Orphanhood is not a simple concept. When parents adopt a child, they do their best to shield him or her from ever sensing that feeling. When you’re adopted by good, loving parents (as Bruce and Ellen Biddle adopted me), you learn early on that you were chosen, that you are special.
Still, feeling special is also part of the problem. At their cores, all adoptees are orphans. This is such a primal feeling and so closely held, so secretly self-defining, that even now, eight years after finding my loving birthmother (whom I call Mom), I can’t get beyond feeling alone in the world and different from everyone around me.

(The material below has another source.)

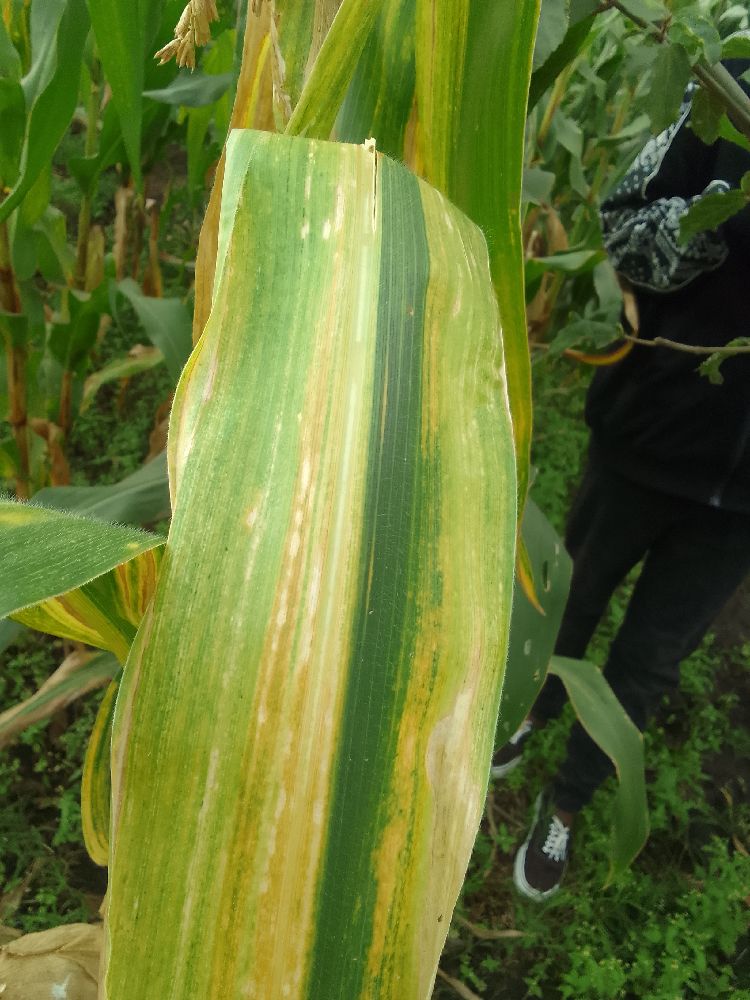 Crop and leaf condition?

And, yet, orphanhood gives adoptees a strange power, too. The fact that we have been adopted means nothing if we aren’t also willing to adopt the family who adopted us—and to choose the particular life situation we find ourselves in.
We are powerful from the moment we understand that we are adopted. We are independent beings far too soon in life. But that independence gives us a kind of grace and intensity of feeling, as we affirm and establish daily, over and over, our connection to the world that has taken us in.

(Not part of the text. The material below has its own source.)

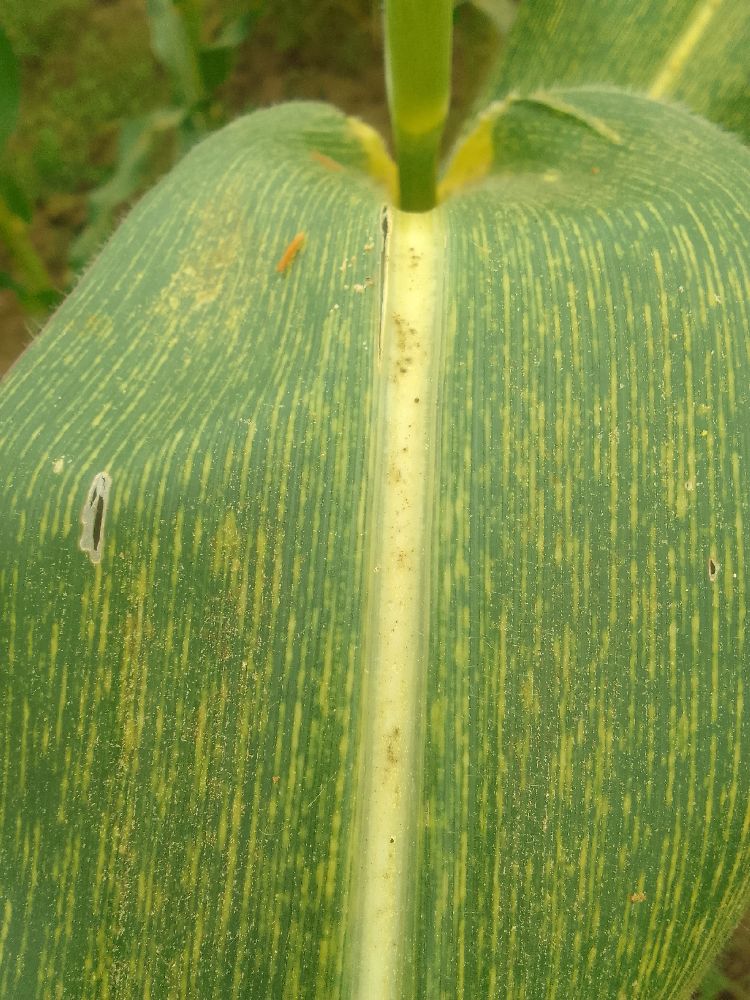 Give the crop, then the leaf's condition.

maize, maize streak virus

This premature ability of orphans to create their own identities and connections in the world is not lost on our culture. In some ways, it’s a major motif. Many of the great characters of the past two hundred years—Oliver Twist, Clark Kent, Tom Sawyer, Pippi Longstocking, Harry Potter, Annie—are parentless.
In one sense, adoptees are the ultimate recycled product. But, in another way, we are the least recycled. We are required to stand on our own—even if we don’t know that’s what we’re doing—and from within that solitude, we reach out, understanding that we have no choice but to define ourselves.